[Records from a dataset]
____________

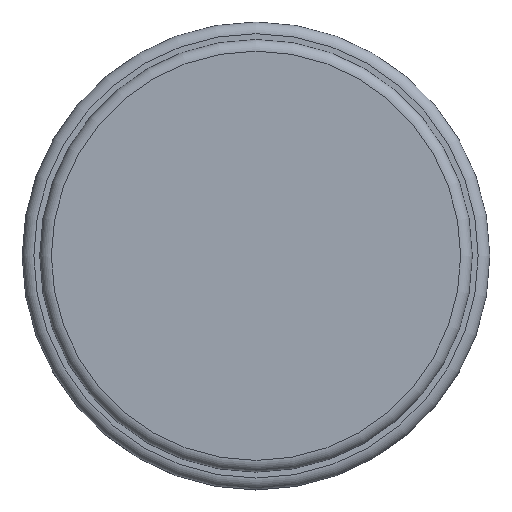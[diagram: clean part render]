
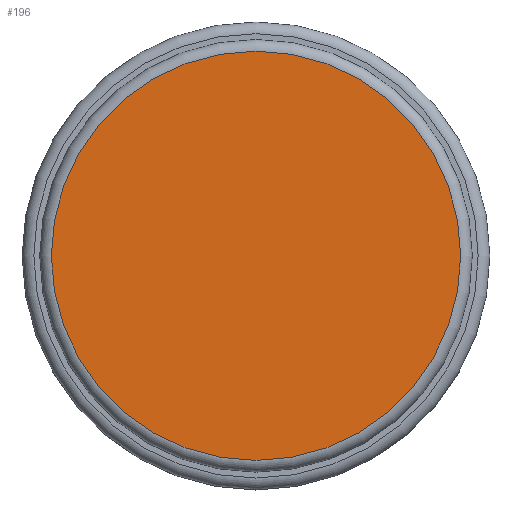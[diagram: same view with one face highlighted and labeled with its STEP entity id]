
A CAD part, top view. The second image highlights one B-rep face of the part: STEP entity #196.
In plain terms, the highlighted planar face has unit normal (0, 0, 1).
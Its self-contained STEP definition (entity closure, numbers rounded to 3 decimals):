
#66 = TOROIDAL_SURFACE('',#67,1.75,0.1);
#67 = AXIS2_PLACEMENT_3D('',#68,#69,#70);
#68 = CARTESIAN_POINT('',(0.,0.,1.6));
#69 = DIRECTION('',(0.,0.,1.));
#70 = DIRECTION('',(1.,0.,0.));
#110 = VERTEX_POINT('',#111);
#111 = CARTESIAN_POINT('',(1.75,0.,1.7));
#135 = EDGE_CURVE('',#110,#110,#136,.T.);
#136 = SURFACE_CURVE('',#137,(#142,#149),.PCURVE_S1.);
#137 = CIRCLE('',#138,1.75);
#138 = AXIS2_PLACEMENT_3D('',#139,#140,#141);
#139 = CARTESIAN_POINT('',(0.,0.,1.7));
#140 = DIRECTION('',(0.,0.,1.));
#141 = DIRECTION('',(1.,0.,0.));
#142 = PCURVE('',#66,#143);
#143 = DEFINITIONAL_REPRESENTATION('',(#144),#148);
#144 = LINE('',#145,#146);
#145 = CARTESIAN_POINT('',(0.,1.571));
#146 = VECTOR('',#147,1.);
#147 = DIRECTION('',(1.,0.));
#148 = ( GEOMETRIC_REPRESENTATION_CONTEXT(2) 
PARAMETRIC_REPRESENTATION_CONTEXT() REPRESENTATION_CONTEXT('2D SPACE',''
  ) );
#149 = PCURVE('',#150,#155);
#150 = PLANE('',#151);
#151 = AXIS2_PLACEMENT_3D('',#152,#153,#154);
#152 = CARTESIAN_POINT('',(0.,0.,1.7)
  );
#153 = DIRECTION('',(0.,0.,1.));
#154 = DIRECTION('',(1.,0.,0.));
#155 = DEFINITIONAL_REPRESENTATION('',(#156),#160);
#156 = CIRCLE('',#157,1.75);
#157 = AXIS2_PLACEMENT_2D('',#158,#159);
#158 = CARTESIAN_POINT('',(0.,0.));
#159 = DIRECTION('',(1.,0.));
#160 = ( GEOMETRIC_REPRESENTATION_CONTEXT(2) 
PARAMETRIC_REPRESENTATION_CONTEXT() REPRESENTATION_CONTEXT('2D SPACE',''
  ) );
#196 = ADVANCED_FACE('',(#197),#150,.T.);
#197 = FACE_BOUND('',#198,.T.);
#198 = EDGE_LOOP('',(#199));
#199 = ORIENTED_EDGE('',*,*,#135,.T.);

____________

EXERCISE INSTRUCTIONS
For the lines above, output exactly those from the line containing "#70 = DIRECTION('',(1.,0.,0.));" through the line containing "#197 = FACE_BOUND('',#198,.T.);", and skip the others.

OUTPUT OF THE TASK
#70 = DIRECTION('',(1.,0.,0.));
#110 = VERTEX_POINT('',#111);
#111 = CARTESIAN_POINT('',(1.75,0.,1.7));
#135 = EDGE_CURVE('',#110,#110,#136,.T.);
#136 = SURFACE_CURVE('',#137,(#142,#149),.PCURVE_S1.);
#137 = CIRCLE('',#138,1.75);
#138 = AXIS2_PLACEMENT_3D('',#139,#140,#141);
#139 = CARTESIAN_POINT('',(0.,0.,1.7));
#140 = DIRECTION('',(0.,0.,1.));
#141 = DIRECTION('',(1.,0.,0.));
#142 = PCURVE('',#66,#143);
#143 = DEFINITIONAL_REPRESENTATION('',(#144),#148);
#144 = LINE('',#145,#146);
#145 = CARTESIAN_POINT('',(0.,1.571));
#146 = VECTOR('',#147,1.);
#147 = DIRECTION('',(1.,0.));
#148 = ( GEOMETRIC_REPRESENTATION_CONTEXT(2) 
PARAMETRIC_REPRESENTATION_CONTEXT() REPRESENTATION_CONTEXT('2D SPACE',''
  ) );
#149 = PCURVE('',#150,#155);
#150 = PLANE('',#151);
#151 = AXIS2_PLACEMENT_3D('',#152,#153,#154);
#152 = CARTESIAN_POINT('',(0.,0.,1.7)
  );
#153 = DIRECTION('',(0.,0.,1.));
#154 = DIRECTION('',(1.,0.,0.));
#155 = DEFINITIONAL_REPRESENTATION('',(#156),#160);
#156 = CIRCLE('',#157,1.75);
#157 = AXIS2_PLACEMENT_2D('',#158,#159);
#158 = CARTESIAN_POINT('',(0.,0.));
#159 = DIRECTION('',(1.,0.));
#160 = ( GEOMETRIC_REPRESENTATION_CONTEXT(2) 
PARAMETRIC_REPRESENTATION_CONTEXT() REPRESENTATION_CONTEXT('2D SPACE',''
  ) );
#196 = ADVANCED_FACE('',(#197),#150,.T.);
#197 = FACE_BOUND('',#198,.T.);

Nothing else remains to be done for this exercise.